獵戶座:面向多模態感知、高階視覺推理與執行的統一視覺智能體
Orion: A Unified Visual Agent for Multimodal Perception, Advanced Visual Reasoning and Execution
November 18, 2025
作者: N Dinesh Reddy, Sudeep Pillai
cs.AI
摘要
我們推出Orion——一個能夠接收任意模態並生成任意模態的視覺智能體框架。該框架採用具備多工具調用能力的智能體架構,專為視覺AI任務設計並實現了最先進的性能。有別於僅產生描述性輸出的傳統視覺語言模型,Orion通過協調一系列專業計算機視覺工具(包括物件檢測、關鍵點定位、全景分割、光學字元辨識與幾何分析)來執行複雜的多步驟視覺工作流。該系統在MMMU、MMBench、DocVQA和MMLongBench等基準測試中達到競爭性表現,同時將單體式視覺語言模型擴展至生產級視覺智能水平。透過融合神經感知與符號執行,Orion實現了自主視覺推理,標誌著從被動視覺理解到主動工具驅動型視覺智能的轉型。
English
We introduce Orion, a visual agent framework that can take in any modality and generate any modality. Using an agentic framework with multiple tool-calling capabilities, Orion is designed for visual AI tasks and achieves state-of-the-art results.
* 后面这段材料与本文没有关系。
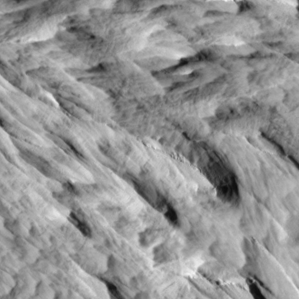
Label: non_frost
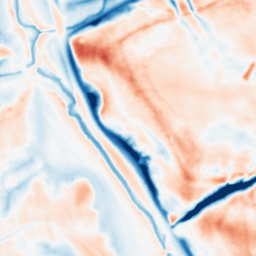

Unlike traditional vision-language models that produce descriptive outputs, Orion orchestrates a suite of specialized computer vision tools, including object detection, keypoint localization, panoptic segmentation, Optical Character Recognition, and geometric analysis, to execute complex multi-step visual workflows. The system achieves competitive performance on MMMU, MMBench, DocVQA, and MMLongBench while extending monolithic vision-language models to production-grade visual intelligence. By combining neural perception with symbolic execution, Orion enables autonomous visual reasoning, marking a transition from passive visual understanding to active, tool-driven visual intelligence.